= What this task involves =
Starting with the first line below, extract each line through the one that contains "24.521H71.094L68.505 14.346C69.913 13.393", inclusive, excluding pictures.

= Extracted information =
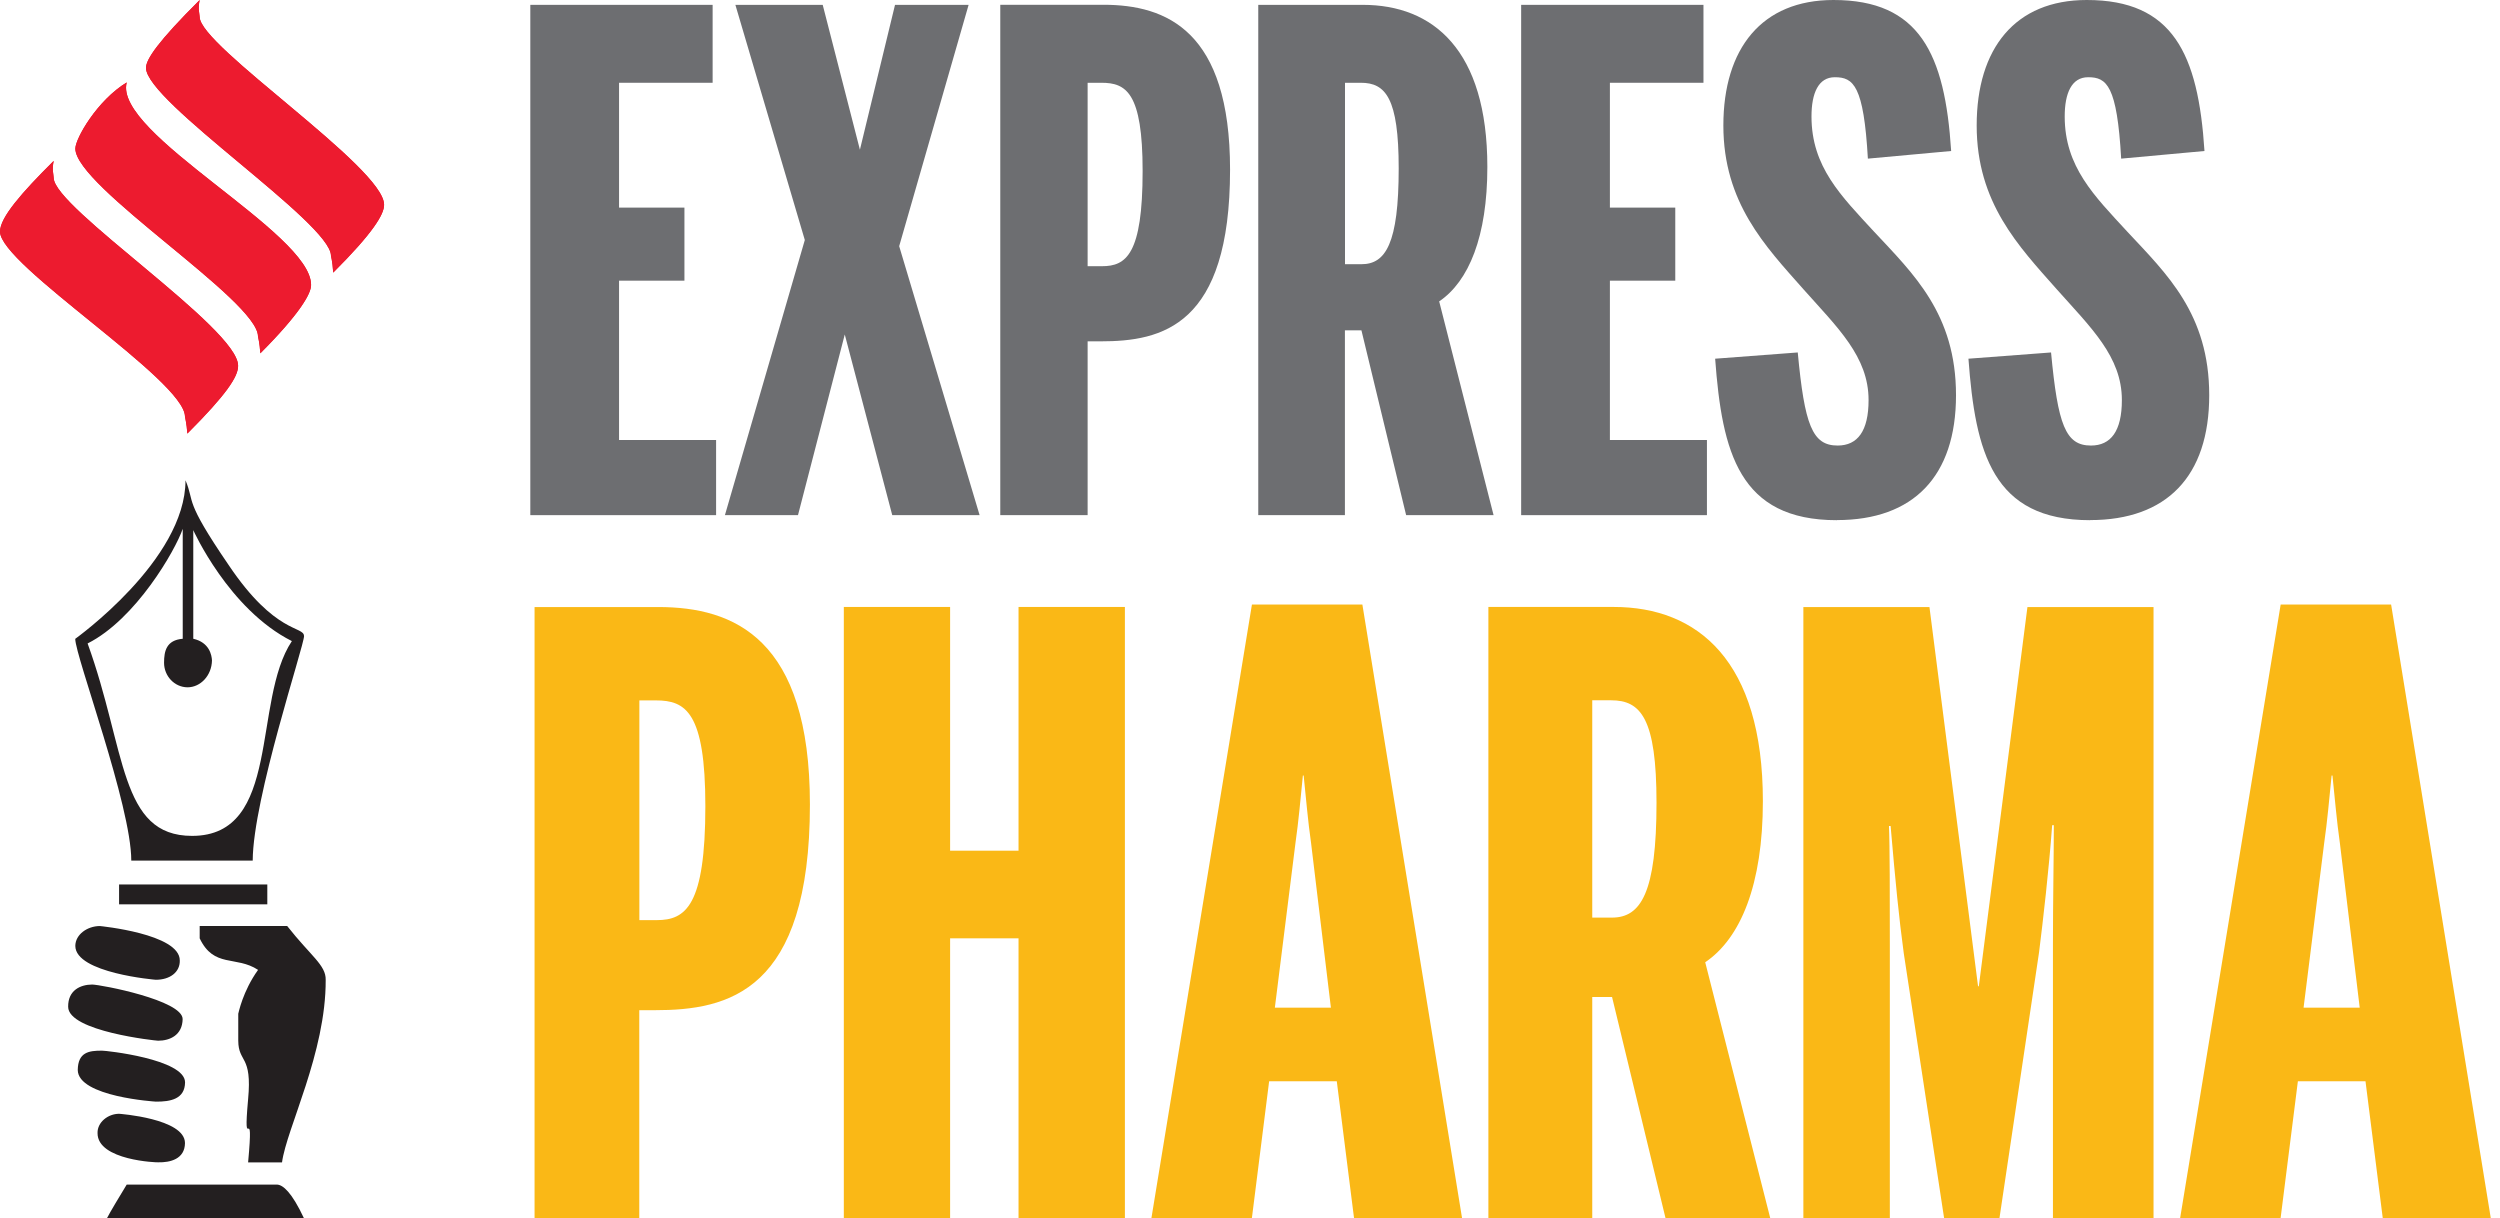 <svg width="119" height="58" viewBox="0 0 119 58" fill="none" xmlns="http://www.w3.org/2000/svg">
<g clip-path="url(#clip0_4329_71)">
<path d="M25.243 24.521H34.086V20.944H29.467V13.36H32.579V9.882H29.467V3.94H33.921V0.231H25.243V24.521Z" fill="#6D6E71"/>
<path d="M34.506 24.521H37.984L40.211 15.922L42.471 24.521H46.629L42.801 11.718L46.106 0.231H42.603L40.932 7.126L39.161 0.231H35.004L38.309 11.425L34.506 24.521Z" fill="#6D6E71"/>
<path d="M47.613 24.521H51.771V16.248H52.392C55.307 16.248 58.551 15.526 58.551 8.075C58.551 1.477 55.537 0.227 52.524 0.227H47.613V24.521ZM51.771 12.671V3.94H52.425C53.602 3.94 54.389 4.398 54.389 8.141C54.389 12.114 53.602 12.671 52.458 12.671H51.771Z" fill="#6D6E71"/>
<path d="M59.893 24.521H64.018V15.724H64.804L66.932 24.521H71.094L68.505 14.346C69.913 13.393 70.798 11.26 70.798 7.947C70.798 2.364 68.208 0.231 64.87 0.231H59.893V24.525V24.521ZM64.022 12.572V3.94H64.775C65.953 3.94 66.578 4.662 66.578 8.013C66.578 11.59 65.957 12.576 64.808 12.576H64.022V12.572Z" fill="#6D6E71"/>
<path d="M72.407 24.521H81.25V20.944H76.631V13.36H79.743V9.882H76.631V3.94H81.085V0.231H72.407V24.521Z" fill="#6D6E71"/>
<path d="M87.437 24.756C91.072 24.756 93.106 22.681 93.106 18.811C93.106 14.941 91.076 13.034 89.207 11.029C87.635 9.321 86.227 7.943 86.227 5.545C86.227 4.431 86.556 3.676 87.338 3.676C88.224 3.676 88.713 4.068 88.911 7.551L92.875 7.188C92.579 2.558 91.369 0 87.273 0C83.868 0 82.032 2.298 82.032 5.975C82.032 9.651 84.029 11.718 85.832 13.756C87.47 15.597 88.944 16.975 88.944 19.042C88.944 20.519 88.421 21.208 87.47 21.208C86.26 21.208 85.898 20.222 85.573 16.777L81.641 17.074C81.97 21.538 82.785 24.761 87.437 24.761V24.756Z" fill="#6D6E71"/>
<path d="M99.491 24.756C103.126 24.756 105.159 22.681 105.159 18.811C105.159 14.941 103.13 13.034 101.261 11.029C99.688 9.321 98.28 7.943 98.28 5.545C98.28 4.431 98.61 3.676 99.396 3.676C100.281 3.676 100.771 4.068 100.968 7.551L104.933 7.188C104.636 2.558 103.426 0 99.33 0C95.926 0 94.09 2.298 94.09 5.975C94.09 9.651 96.086 11.718 97.889 13.756C99.528 15.597 101.001 16.975 101.001 19.042C101.001 20.519 100.479 21.208 99.528 21.208C98.317 21.208 97.955 20.222 97.63 16.777L93.698 17.074C94.028 21.538 94.843 24.761 99.495 24.761L99.491 24.756Z" fill="#6D6E71"/>
<path d="M25.449 57.996H30.43V48.085H31.175C34.666 48.085 38.552 47.219 38.552 38.294C38.552 30.388 34.942 28.895 31.332 28.895H25.445V57.996H25.449ZM30.434 43.798V33.339H31.221C32.633 33.339 33.575 33.887 33.575 38.372C33.575 43.13 32.633 43.798 31.262 43.798H30.439H30.434Z" fill="#FAB816"/>
<path d="M40.166 57.996H45.225V44.664H48.482V57.996H53.545V28.891H48.482V40.493H45.225V28.891H40.166V57.996Z" fill="#FAB816"/>
<path d="M54.8 57.996H59.588L60.411 51.468H63.631L64.454 57.996H69.596L64.849 28.775H59.592L54.805 57.996H54.8ZM60.683 47.965L61.663 40.138C61.819 39.037 61.898 38.092 62.017 36.916H62.054C62.173 38.055 62.252 39.041 62.408 40.138L63.351 47.965H60.683Z" fill="#FAB816"/>
<path d="M70.847 57.996H75.791V47.458H76.734L79.282 57.996H84.267L81.168 45.803C82.855 44.664 83.913 42.106 83.913 38.133C83.913 31.449 80.814 28.891 76.812 28.891H70.847V57.992V57.996ZM75.791 43.678V33.334H76.693C78.105 33.334 78.85 34.201 78.85 38.211C78.85 42.498 78.105 43.678 76.73 43.678H75.787H75.791Z" fill="#FAB816"/>
<path d="M85.836 57.996H89.956V44.941C89.956 42.816 89.956 40.142 89.915 39.317H89.993C90.228 42.032 90.385 43.641 90.619 45.374L92.542 58H95.172L97.058 45.337C97.255 43.765 97.527 41.405 97.683 39.28H97.762C97.762 40.815 97.72 42.857 97.72 44.941V57.996H102.508V28.895H96.506L94.192 46.946H94.155L91.842 28.895H85.84V57.996H85.836Z" fill="#FAB816"/>
<path d="M103.768 57.996H108.555L109.379 51.468H112.598L113.421 57.996H118.563L113.817 28.775H108.56L103.772 57.996H103.768ZM109.65 47.965L110.63 40.138C110.787 39.037 110.865 38.092 110.984 36.916H111.025C111.145 38.055 111.223 39.041 111.379 40.138L112.322 47.965H109.655H109.65Z" fill="#FAB816"/>
<path fill-rule="evenodd" clip-rule="evenodd" d="M9.505 0C9.415 0.408 9.493 0.631 9.505 0.809C9.493 2.187 18.294 7.98 18.282 9.746C18.294 10.191 17.738 11.107 15.861 12.976C15.824 12.386 15.746 12.176 15.754 12.168C15.75 10.612 6.949 4.844 6.949 3.231C6.949 2.814 7.554 1.943 9.505 0ZM2.556 7.658C2.466 8.071 2.548 8.289 2.556 8.467C2.548 9.882 11.345 15.625 11.333 17.408C11.345 17.911 10.79 18.769 8.917 20.639C8.888 20.143 8.797 19.838 8.805 19.83C8.801 18.105 0 12.617 0 11.025C0 10.352 1.033 9.172 2.556 7.658ZM6.031 3.928C5.389 6.367 14.82 11.074 14.807 13.562C14.82 13.967 14.252 14.953 12.391 16.818C12.362 16.306 12.272 16.005 12.28 16.009C12.272 14.297 3.59 8.892 3.586 7.072C3.59 6.585 4.631 4.774 6.031 3.924V3.928Z" fill="#ED1C24"/>
<path fill-rule="evenodd" clip-rule="evenodd" d="M9.505 0C9.415 0.408 9.493 0.631 9.505 0.809C9.493 2.187 18.294 7.98 18.282 9.746C18.294 10.191 17.738 11.107 15.861 12.976C15.824 12.386 15.746 12.176 15.754 12.168C15.75 10.612 6.949 4.844 6.949 3.231C6.949 2.814 7.554 1.943 9.505 0ZM2.556 7.658C2.466 8.071 2.548 8.289 2.556 8.467C2.548 9.882 11.345 15.625 11.333 17.408C11.345 17.911 10.79 18.769 8.917 20.639C8.888 20.143 8.797 19.838 8.805 19.83C8.801 18.105 0 12.617 0 11.025C0 10.352 1.033 9.172 2.556 7.658ZM6.031 3.928C5.389 6.367 14.82 11.074 14.807 13.562C14.82 13.967 14.252 14.953 12.391 16.818C12.362 16.306 12.272 16.005 12.28 16.009C12.272 14.297 3.59 8.892 3.586 7.072C3.59 6.585 4.631 4.774 6.031 3.924V3.928Z" fill="#ED1B2F"/>
<path fill-rule="evenodd" clip-rule="evenodd" d="M12.724 42.102V43.047H5.668V42.102H12.724ZM14.474 30.269C14.474 30.743 12.041 38.005 12.029 40.964H6.249C6.249 38.343 3.59 31.255 3.581 30.409C3.59 30.397 8.83 26.663 8.83 22.863C9.291 23.956 8.715 23.725 10.888 26.902C13.103 30.199 14.466 29.794 14.47 30.273L14.474 30.269ZM9.196 25.227C9.196 25.227 10.884 29.002 13.893 30.516C11.996 33.363 13.412 39.788 9.143 39.788C5.677 39.788 6.018 35.728 4.17 30.628C6.463 29.477 8.348 26.192 8.698 25.173V30.405C7.924 30.471 7.809 30.983 7.809 31.548C7.809 32.179 8.303 32.711 8.925 32.716C9.546 32.716 10.077 32.154 10.09 31.436C10.077 31.181 9.966 30.578 9.2 30.405V25.227H9.196ZM13.198 56.387C13.465 56.407 13.881 56.729 14.474 58H5.084C5.232 57.707 5.73 56.882 6.031 56.387H13.198ZM5.668 53.016C5.668 53.016 8.801 53.239 8.805 54.41C8.797 55.178 8.093 55.339 7.529 55.326C7.525 55.339 4.631 55.244 4.643 53.932C4.631 53.42 5.141 53.016 5.673 53.016H5.668ZM4.862 50.012C5.002 50.004 8.801 50.408 8.809 51.518C8.801 52.323 8.105 52.442 7.422 52.438C7.414 52.438 3.713 52.211 3.701 50.932C3.713 50.094 4.219 50.004 4.866 50.012H4.862ZM4.388 46.864C4.816 46.872 8.682 47.611 8.694 48.506C8.682 49.269 8.093 49.538 7.525 49.538C7.43 49.538 3.24 49.096 3.244 47.92C3.236 47.136 3.828 46.868 4.384 46.864H4.388ZM9.505 44.079H13.671C14.787 45.502 15.52 45.94 15.503 46.641C15.52 50.107 13.638 53.717 13.424 55.331H11.81C12.103 52.141 11.547 55.236 11.81 52.323C12.012 50.198 11.349 50.606 11.341 49.538V48.254C11.354 48.225 11.547 47.194 12.284 46.166C11.234 45.477 10.184 46.092 9.505 44.665V44.079ZM4.75 44.079C4.75 44.079 8.571 44.446 8.558 45.721C8.571 46.278 8.085 46.637 7.418 46.637C7.41 46.637 3.59 46.323 3.585 45.024C3.59 44.479 4.158 44.083 4.75 44.079Z" fill="#231F20"/>
</g>
<defs>
<clipPath id="clip0_4329_71">
<rect width="118.559" height="58" fill="white"/>
</clipPath>
</defs>
</svg>

= Solution to this problem =
 <svg width="119" height="58" viewBox="0 0 119 58" fill="none" xmlns="http://www.w3.org/2000/svg">
<g clip-path="url(#clip0_4329_71)">
<path d="M25.243 24.521H34.086V20.944H29.467V13.36H32.579V9.882H29.467V3.94H33.921V0.231H25.243V24.521Z" fill="#6D6E71"/>
<path d="M34.506 24.521H37.984L40.211 15.922L42.471 24.521H46.629L42.801 11.718L46.106 0.231H42.603L40.932 7.126L39.161 0.231H35.004L38.309 11.425L34.506 24.521Z" fill="#6D6E71"/>
<path d="M47.613 24.521H51.771V16.248H52.392C55.307 16.248 58.551 15.526 58.551 8.075C58.551 1.477 55.537 0.227 52.524 0.227H47.613V24.521ZM51.771 12.671V3.94H52.425C53.602 3.94 54.389 4.398 54.389 8.141C54.389 12.114 53.602 12.671 52.458 12.671H51.771Z" fill="#6D6E71"/>
<path d="M59.893 24.521H64.018V15.724H64.804L66.932 24.521H71.094L68.505 14.346C69.913 13.393 70.798 11.26 70.798 7.947C70.798 2.364 68.208 0.231 64.87 0.231H59.893V24.525V24.521ZM64.022 12.572V3.94H64.775C65.953 3.94 66.578 4.662 66.578 8.013C66.578 11.59 65.957 12.576 64.808 12.576H64.022V12.572Z" fill="#6D6E71"/>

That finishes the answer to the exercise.